2 year old 5700 rig crashes but stuck on rebooting

I’ve had this 6x5700 rig running since I bought the cards new. I’ve always had minor issues with it: random reboots, TRM crashing, PCI I/O errors. However, after flashing 0.2-203, it has resolved most of the issues.

All of a sudden, I noticed that this rig keeps freezing up, not even able to restart by itself. I have to power cycle it probably 3 times a day. Not sure what could be the issue. I replaced all the risers and USB cables last year as well as cleaning the cards. Weirdly enough, running a single card in a desktop PC results in zero issues. I can play games for hours at a time.

Anyways, here is the error message on HiveOS when it freezes. The shutdown/restart sequence never initiates, even leaving it overnight. It’s a major problem since I’m not able to be at my rig at all times. I have a 120V smart plug that I can control through an app, however I do not believe there is a cost-efficient equivalent for a 240V outlet which my rigs are all on.

I’d really appreciate some insight on some of the more knowledgeable members on here.

Set the ocs for that card (10:00) to very conservative and see if it helps.

Have you tried flashing the latest stable image? What clocks and voltages are you running?

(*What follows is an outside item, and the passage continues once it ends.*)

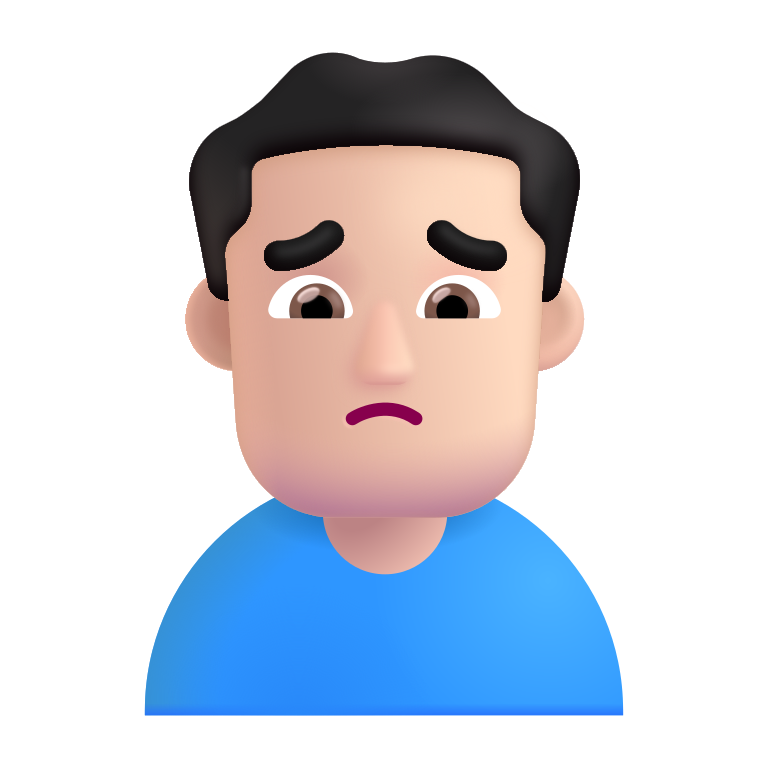
man frowning color light

Hi, I’ve tried every single image from 0.6-204 all the way to 0.6-218. Fresh SSD flash every time. Anything newer than 0.6-203 won’t even boot into the HiveOS splash screen, some sort of PCI I/O error within the 1st minute of booting up, hence why I’ve been using 0.6-203.

All 6 cards at the moment are not OC’d at all at this moment, running stock clocks and voltages.

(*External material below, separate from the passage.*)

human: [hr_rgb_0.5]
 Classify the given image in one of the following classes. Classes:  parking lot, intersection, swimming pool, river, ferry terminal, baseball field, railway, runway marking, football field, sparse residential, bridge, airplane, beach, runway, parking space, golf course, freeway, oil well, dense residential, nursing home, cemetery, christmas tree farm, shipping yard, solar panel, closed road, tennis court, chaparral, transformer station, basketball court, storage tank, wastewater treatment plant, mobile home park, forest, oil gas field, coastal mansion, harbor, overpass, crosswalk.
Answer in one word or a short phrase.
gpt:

Currently I’m back on 0.6-203, the crashing/freezing issues isn’t as bad, so far I only had to hard reboot it once in the past 24 hours, but the error screen in my first post still appears often… Voltages range from 755-775VDD, 800VDDCI, 1350MVDD, mem clocks ranging from 905-920.

is it only that one card thats causing issues?

Yes, it seems that the card at 0000:03:00:0 is causing all the issues.

I will take that card out of the rig and see how it goes. I may test it in my desktop pc as a gaming card and stress test it a bit as well.